When pushing clock speeds, things get nondeterministic...

Here is an idea for a CPU designer...

Observe that you can get way more performance (increased clock speed) or more performance per watt (lower core voltage) if you are happy to lose reliability.

Also observe that many CPU's do superscalar out of order execution, which requires having the ability to backtrack, and this is normally implemented with a queue and a 'commit' phase.

Finally, observe that verifying this commit queue is a fully parallel operation, and therefore can be checked slower and in a more power efficient way.

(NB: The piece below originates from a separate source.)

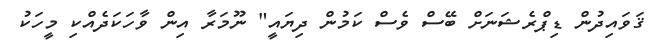
ޤަވައިދުން ޑިޕްރެޝަނަށް ބޭސް ވެސް ކަމުން ދިޔައީ" ނޫމަރާ އިން ވާހަކަދެއްކި މީހަކު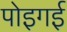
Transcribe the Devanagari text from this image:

So, here's the idea. You run a blazing fast superscalar CPU, well past the safe clock speed limits that makes hundreds of computation or flow control mistakes per second. You have slow but parallel verification circuitry to verify the execution trace. Whenever a mistake is made, you put a pipeline bubble in the main CPU, clear the commit queue, you put in the correct result from the verification system, and continue - just like you would with a branch misprediction.

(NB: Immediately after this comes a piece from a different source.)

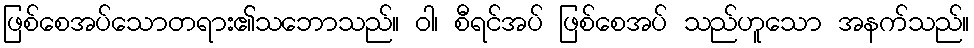
ဖြစ်စေအပ်သောတရား၏သဘောသည်။ ဝါ၊ စီရင်အပ် ဖြစ်စေအပ် သည်ဟူသော အနက်သည်။

This happening a few hundred times per second will have a negligible impact on performance. (consider 100 cycles 'reset' penalty, 100*100 is a tiny fraction of 4Ghz)

The main fast CPU could also make deliberate mistakes - for example assuming floats aren't NaN, assuming division won't be by zero, etc. Trimming off rarely used logic makes the core smaller, making it easier to make it even faster or more power efficient (since wire length determines power consumption per bit).